Preface: This is NOT a boo-hoo post about how people watch too much television and can’t spell.
I think of myself fundamentally as a writer. I love to read, I like books, I like magazines. On espn.com, I ignore the video clips and read the articles. The written word is for me the fundamental and primary way to exchange information.
Now it’s not that difficult to imagine a future in which writing is used mostly for labeling. Video and audio will be fundamental and primary, and writing will be used for short-form annotation of the video and audio. Writing will be metadata. Labeling.
In the past video and audio weren’t used in this way so much because of limitations of (obviously) transmission and storage, but also less obviously of editability and searchability.
The first two issues have largely been solved: broadband, mobile, gigabyte hard drives and flash memory. Internet, cable modems, satellite, Youtube, iPads, Android.
The third issue, editing, is mostly solved when you think about simple tasks; video and audio editing software comes standard on lots of computers now. Not everybody wants to develop Final Cut Pro skills, but it’s available. “Editing” encompasses more than that, though. If you are trying to organize and convey a large amount of information, or update existing information without reshooting the whole video, writing still offers advantages in speed and flexibility. In fact, writing in the computer age is so flexible that I often write before I organize. I start putting down various thoughts and then gradually re-order them as I go. Sometimes I stop and do an outline AFTER I’m halfway done writing. I don’t think this was an efficient approach in the typewriter era.
The fourth issue, search, is where it gets really interesting. Right now, automated information retrieval is text-based– think Google. But it doesn’t have to stay that way.
Dragon Naturally Speaking is voice-recognition software. It converts audio into text.
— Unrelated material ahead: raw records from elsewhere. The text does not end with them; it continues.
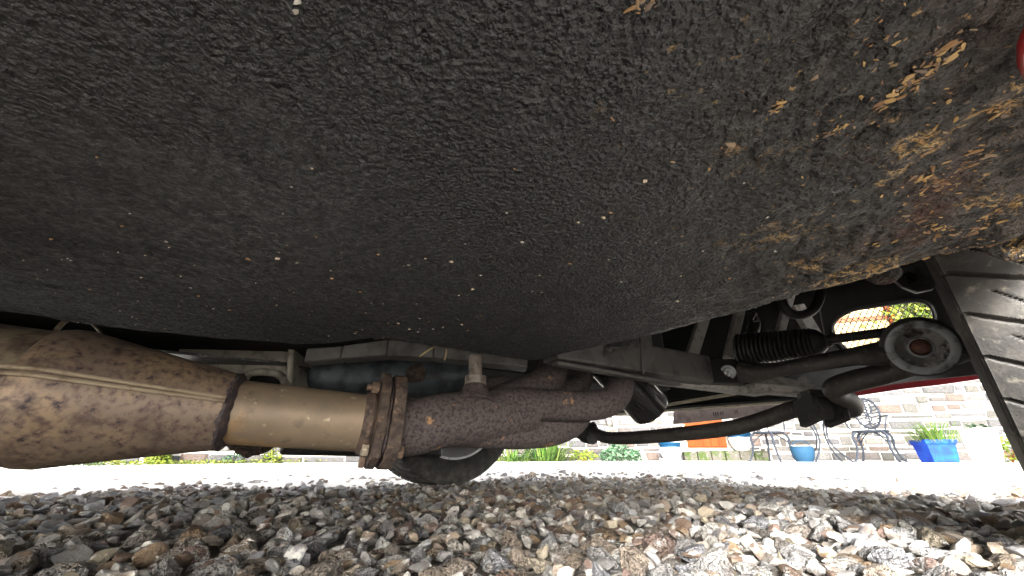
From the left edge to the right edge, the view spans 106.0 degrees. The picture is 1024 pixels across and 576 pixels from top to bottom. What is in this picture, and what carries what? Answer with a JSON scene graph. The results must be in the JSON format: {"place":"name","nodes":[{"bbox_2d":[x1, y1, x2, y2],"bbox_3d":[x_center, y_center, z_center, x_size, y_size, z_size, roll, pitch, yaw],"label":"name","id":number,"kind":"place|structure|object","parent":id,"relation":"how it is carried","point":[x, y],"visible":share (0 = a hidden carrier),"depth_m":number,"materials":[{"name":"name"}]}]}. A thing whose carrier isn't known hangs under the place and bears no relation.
{"place":"outdoors","nodes":[
{"label":"outdoors","id":0,"kind":"place"},
{"bbox_2d":[0,461,1023,575],"bbox_3d":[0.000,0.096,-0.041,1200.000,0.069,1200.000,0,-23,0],"label":"gravel ground","id":1,"kind":"structure","parent":0,"point":[549,525],"depth_m":0.56,"materials":[{"name":"grey gravel"}]},
{"bbox_2d":[0,0,1023,485],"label":"car","id":2,"kind":"object","parent":1,"relation":"on","point":[246,228],"visible":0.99,"depth_m":0.23,"materials":[{"name":"black metal"}]},
{"bbox_2d":[0,460,1023,497],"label":"courtyard paving","id":3,"kind":"structure","parent":0,"point":[909,474],"depth_m":2.08,"materials":[{"name":"white concrete"}]},
{"bbox_2d":[72,459,141,465],"bbox_3d":[-4.150,1.616,3.668,1.064,0.148,1.102,0,-23,0],"label":"strap leaf plant","id":4,"kind":"object","parent":3,"relation":"on","point":[90,464],"visible":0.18,"depth_m":3.54,"materials":[{"name":"green plant"}]},
{"bbox_2d":[143,454,172,463],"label":"bush","id":5,"kind":"object","parent":3,"relation":"on","point":[163,457],"visible":0.31,"depth_m":4.09,"materials":[{"name":"yellow plant"}]},
{"bbox_2d":[86,459,351,465],"bbox_3d":[-2.961,1.996,4.432,2.728,0.076,0.493,18,-29,-36],"label":"ground cover","id":6,"kind":"object","parent":3,"relation":"on","point":[137,462],"visible":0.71,"depth_m":4.06,"materials":[{"name":"green plant"}]},
{"bbox_2d":[220,453,244,463],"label":"bush","id":7,"kind":"object","parent":3,"relation":"on","point":[230,456],"visible":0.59,"depth_m":4.43,"materials":[{"name":"green plant"}]},
{"bbox_2d":[259,447,281,462],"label":"bush","id":8,"kind":"object","parent":3,"relation":"on","point":[271,455],"visible":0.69,"depth_m":4.61,"materials":[{"name":"yellow plant"}]},
{"bbox_2d":[81,416,618,464],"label":"garden wall","id":9,"kind":"structure","parent":3,"relation":"on","point":[608,425],"depth_m":4.87,"materials":[{"name":"stone"}]},
{"bbox_2d":[496,449,546,461],"bbox_3d":[-0.030,2.461,5.820,1.061,0.305,1.218,8,-25,-17],"label":"strap leaf plant","id":10,"kind":"object","parent":3,"relation":"on","point":[511,457],"visible":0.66,"depth_m":5.60,"materials":[{"name":"green plant"}]},
{"bbox_2d":[518,440,582,461],"bbox_3d":[0.446,2.495,6.122,1.369,0.482,1.448,0,-23,0],"label":"strap leaf plant","id":11,"kind":"object","parent":3,"relation":"on","point":[550,454],"visible":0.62,"depth_m":5.80,"materials":[{"name":"green plant"}]},
{"bbox_2d":[567,447,599,460],"bbox_3d":[1.195,2.771,6.427,0.602,0.237,0.581,0,-23,0],"label":"bush","id":12,"kind":"object","parent":3,"relation":"on","point":[583,457],"visible":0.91,"depth_m":6.31,"materials":[{"name":"yellow plant"}]},
{"bbox_2d":[598,444,641,460],"bbox_3d":[1.767,2.698,6.341,0.720,0.316,0.702,0,-23,0],"label":"bush","id":13,"kind":"object","parent":3,"relation":"on","point":[623,453],"visible":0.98,"depth_m":6.23,"materials":[{"name":"green plant"}]},
{"bbox_2d":[658,442,680,460],"bbox_3d":[2.614,2.699,6.351,0.350,0.290,0.350,0,-23,0],"label":"flower pot","id":14,"kind":"object","parent":3,"relation":"on","point":[670,451],"visible":0.85,"depth_m":6.24,"materials":[{"name":"white ceramic"}]},
{"bbox_2d":[682,450,768,460],"bbox_3d":[3.604,2.859,6.545,1.288,0.190,0.255,-6,-24,14],"label":"stone ledge","id":15,"kind":"object","parent":3,"relation":"on","point":[741,455],"visible":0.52,"depth_m":6.44,"materials":[{"name":"beige stone"}]},
{"bbox_2d":[728,433,750,449],"bbox_3d":[3.879,2.609,6.551,0.370,0.271,0.370,0,-23,0],"label":"flower pot","id":16,"kind":"object","parent":15,"relation":"on","point":[740,442],"visible":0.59,"depth_m":6.43,"materials":[{"name":"white ceramic"}]},
{"bbox_2d":[748,422,790,461],"bbox_3d":[3.915,2.185,5.929,0.521,0.917,0.539,10,-26,-23],"label":"garden chair","id":17,"kind":"object","parent":3,"relation":"on","point":[771,433],"visible":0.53,"depth_m":5.85,"materials":[{"name":"grey metal"}]},
{"bbox_2d":[788,440,814,461],"bbox_3d":[4.226,2.376,5.619,0.308,0.303,0.308,0,-23,0],"label":"blue bucket","id":18,"kind":"object","parent":3,"relation":"on","point":[803,453],"visible":0.9,"depth_m":5.51,"materials":[{"name":"blue paint"}]},
{"bbox_2d":[616,303,1017,461],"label":"stone house","id":19,"kind":"structure","parent":3,"relation":"on","point":[963,403],"depth_m":6.28,"materials":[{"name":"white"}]},
{"bbox_2d":[858,303,931,327],"bbox_3d":[6.855,-0.119,6.821,2.012,3.174,0.342,-6,-24,14],"label":"climbing plant","id":20,"kind":"object","parent":19,"relation":"attached to","point":[916,307],"visible":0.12,"depth_m":6.58,"materials":[{"name":"green plant"}]},
{"bbox_2d":[810,421,853,461],"bbox_3d":[4.501,2.153,5.606,0.690,0.699,0.690,0,-23,0],"label":"garden table","id":21,"kind":"object","parent":3,"relation":"on","point":[819,449],"visible":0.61,"depth_m":5.57,"materials":[{"name":"grey metal"}]},
{"bbox_2d":[845,398,907,462],"bbox_3d":[5.193,2.045,5.605,0.539,0.917,0.521,18,-29,-36],"label":"garden chair","id":22,"kind":"object","parent":3,"relation":"on","point":[885,432],"visible":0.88,"depth_m":5.65,"materials":[{"name":"grey metal"}]},
{"bbox_2d":[908,439,959,462],"bbox_3d":[5.616,2.165,5.110,0.344,0.284,0.344,-6,-24,14],"label":"planter","id":23,"kind":"object","parent":3,"relation":"on","point":[930,451],"visible":0.86,"depth_m":5.00,"materials":[{"name":"ceramic"}]},
{"bbox_2d":[886,414,966,442],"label":"ornamental grass","id":24,"kind":"object","parent":23,"relation":"in","point":[932,434],"depth_m":5.09,"materials":[{"name":"green plant"}]},
{"bbox_2d":[954,428,1003,462],"bbox_3d":[6.029,2.027,4.952,0.378,0.414,0.378,0,-23,0],"label":"white urn","id":25,"kind":"object","parent":3,"relation":"on","point":[981,445],"visible":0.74,"depth_m":4.86,"materials":[{"name":"ceramic"}]},
{"bbox_2d":[962,422,991,428],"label":"plant","id":26,"kind":"object","parent":25,"relation":"in","point":[982,425],"visible":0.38,"depth_m":4.99,"materials":[{"name":"green plant"}]},
{"bbox_2d":[999,436,1017,462],"bbox_3d":[6.274,2.053,4.891,0.393,0.351,0.392,0,-23,0],"label":"shrub","id":27,"kind":"object","parent":3,"relation":"on","point":[1011,455],"visible":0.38,"depth_m":4.87,"materials":[{"name":"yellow plant"}]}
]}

It’s very limited even after decades as a commercial product. We have tried it out for interviews – can it transcribe automatically while the interview takes place? It can’t. It has to be “trained” to recognize a speaker’s words correctly. You have to work with it to get accurate output of your own voice, let alone some random soprano interviewee with a Scottish accent and a mild stutter.
BUT the people who make the software say that’s a limitation imposed by computing power. They say as computers get faster and faster, this barrier will inevitably fall. And that means that audio-based search is also inevitable. Imagine: You have 200 voice mails saved on your iPhone, as nobody uses email anymore. You need to find the ones about the next budget meeting. You say to the phone: “Search mail – keyword budget.” Up pop the six messages that you audiotagged “budget”, and two others in which the word budget was used during a conversation.
Here’s where the written word appears in the scenario: the list. It’s metadata. Labeling. Just like I said. Because you the human can scan the list faster than it can be read aloud. (Note here a distinction between scanning – visually processing a list of metadata, which you do very quickly – versus searching through a large corpus of data to find all objects matching a specified pattern, which the computer does very quickly.)
Anyway, you look at the list and say “play first David” and hear the top audio message from David. You say “skip – keyword supplies” and the audio track skips ahead to the part of about purchasing supplies. And so on.
This is all possible once the processing power is in place to convert your voice commands and to search the audio files at a high speed to find the right matches.
Same with video. Surveillance companies now embed “video analytics” in their products. You can, for example, have a camera in a parking garage that doesn’t stream video to the guard office until it 1) detects motion and 2) recognizes that the motion is cause by a person (as automatically distinguished from a mouse, or a gust of wind). With enough horsepower, you’ll be able to tell your phone, “find Fred tae kwon do” and it will bring up all the videos of your son’s TKD practices, or the clips on the instructor’s website showing how to correctly do the Tae Guck Il Jang form. Or search the entire web for semantic constructions like “find footage of crocodile attacks”.
I wrote about some advanced application of video analytics almost four years ago for my website/magazine in The age of analytics , noting how massive computing power changes the game – there’s a chess connection, for my chess junkie friends.
Now, ironically, I see the broader implications. Maybe my next “age of analytics” and “death of writing” pieces will be on YouTube.